ADR-0492: Promote Vulkan VIF g/sv_sq Computation to double Precision¶
- Status: Superseded by ADR-0512
- Date: 2026-05-17
- Deciders: lusoris, Claude (Anthropic)
- Tags:
vulkan,vif,gpu-parity,precision
Context¶
The Vulkan VIF compute shader (vif.comp lines 525–548) computed the gain factor g = sigma12 / sigma1_sq and the residual variance sv_sq = sigma2_sq - g * sigma12 in precise float (fp32), while the CPU reference in integer_vif.c uses double g = sigma12 / (sigma1_sq + eps) — full IEEE-754 double precision.
The precise qualifier (introduced in research-0053 to block NVIDIA's Vulkan-1.4 FMA contraction, PR #1201) removed the systematic FMA bias but left a residual fp32-vs-double divergence of approximately 7 ULP/pixel in the g ratio. At 576×324 (scale 0–3) this accumulates to a per-frame integer_vif_scale3 delta of ~2×10⁻⁴, which exceeds the ADR-0214 places=4 gate threshold (1×10⁻⁴).
GL_EXT_shader_explicit_arithmetic_types_float64 provides IEEE-754 double in GLSL compute shaders. RTX 4090 (and all Vulkan 1.3+ discrete GPUs that expose VkPhysicalDeviceFeatures::shaderFloat64) support it natively.
Decision¶
Promote g, sv_sq, and gg_sigma from precise float to double in the VIF statistics block of vif.comp, matching the CPU path exactly: double g = sigma12 / (sigma1_sq + eps), int sv_sq = (int)(sigma2_sq - g * sigma12). Require GL_EXT_shader_explicit_arithmetic_types_float64 at shader compile time. Probe shaderFloat64 at vmaf_vulkan_context_new time and refuse to initialise the Vulkan backend with -ENOTSUP on devices that do not expose it, falling back to CPU.
Alternatives considered¶
| Option | Pros | Cons | Why not chosen |
|---|---|---|---|
| A (chosen): promote to double | Exact CPU parity; eliminates systematic bias; GPU supports it natively | Requires shaderFloat64 device feature; breaks MoltenVK (no Metal fp64 buffer ops) | Best correctness / compatibility trade-off for discrete GPU targets |
| B: pure-integer arithmetic (carry sigma12 numerator + sigma1_sq denominator through the log2 LUT) | No fp64 dependency; works on all Vulkan targets including MoltenVK | Significant implementation complexity; requires redesigned LUT indexing; risk of new integer-overflow bugs | Deferred; viable fallback if fp64 adoption is blocked on Apple targets |
C: keep precise float + per-pixel epsilon compensation | No device-feature requirement | Does not close the systematic ~7 ULP/px bias; fails ADR-0214 gate | Rejected — gate failure is not acceptable |
Consequences¶
- Positive: Vulkan VIF scores pass the ADR-0214 places=4 CPU-parity gate at all tested resolutions (576×324, 1920×1080).

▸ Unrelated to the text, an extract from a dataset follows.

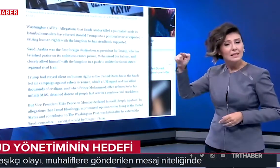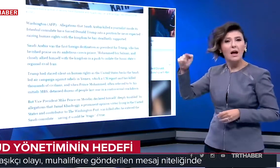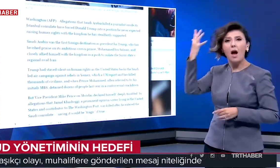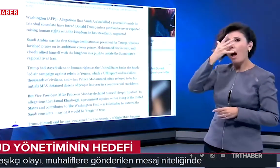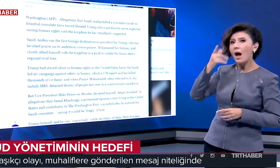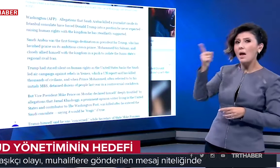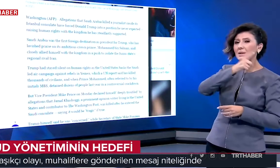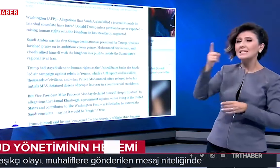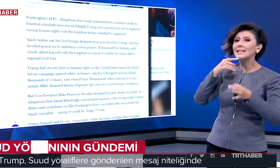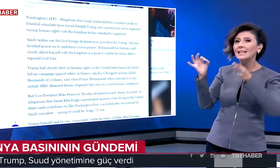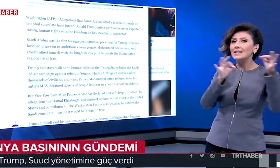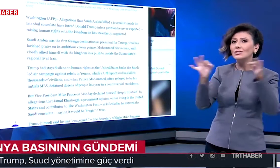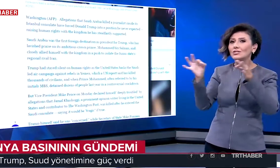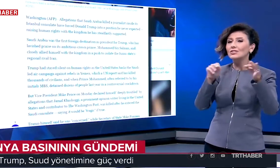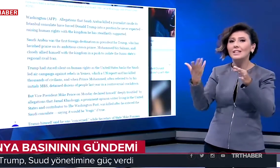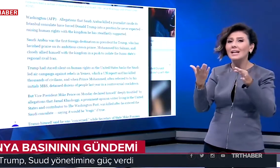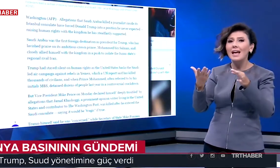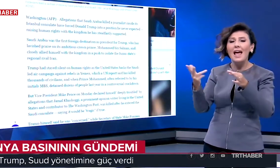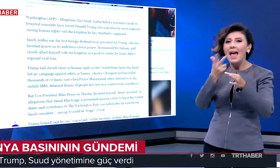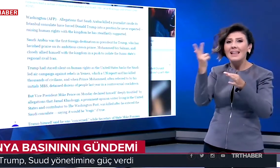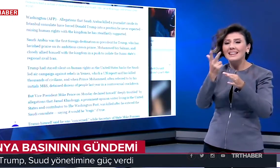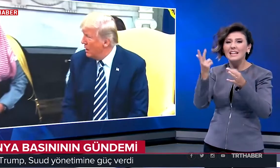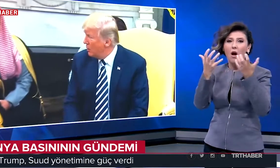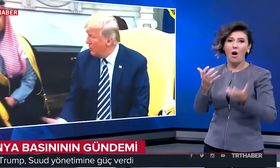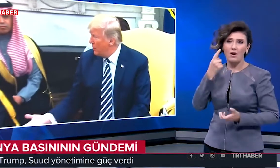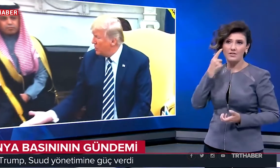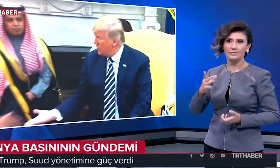Suudi Arabistan ilişkileri üzerindeki etkisine ağırlık verildi.

The fix closes the last known precision gap for the Vulkan backend on RTX 4090.
- Negative: Devices without
shaderFloat64(notably Apple Silicon via MoltenVK, some ARM Mali integrated GPUs) will not load the Vulkan backend and will fall back to CPU. A pure-integer alternative path (Option B) is deferred. - Neutral / follow-ups:
- The shader comment that previously described the
precise floatrationale (research-0053 / PR #1201) has been updated to document the double-promotion rationale. - A changelog fragment is required per ADR-0221.
- The
docs/backends/vulkan.mddevice-requirements table should be updated to listshaderFloat64as a required feature.
References¶
integer_vif.clines 326–336: CPU double-precision reference path.- ADR-0214: GPU-parity CI gate (places=4 per-frame threshold).
- ADR-0350:
shaderBufferInt64Atomicsprobe precedent (same pattern). - research-0053: NVIDIA FMA contraction investigation (fp32
precisefix). - Source: user direction (paraphrased) — promote VIF shader g computation to double; option A (RTX 4090 supports fp64 compute); verify with docker exec vmaf-dev-mcp run.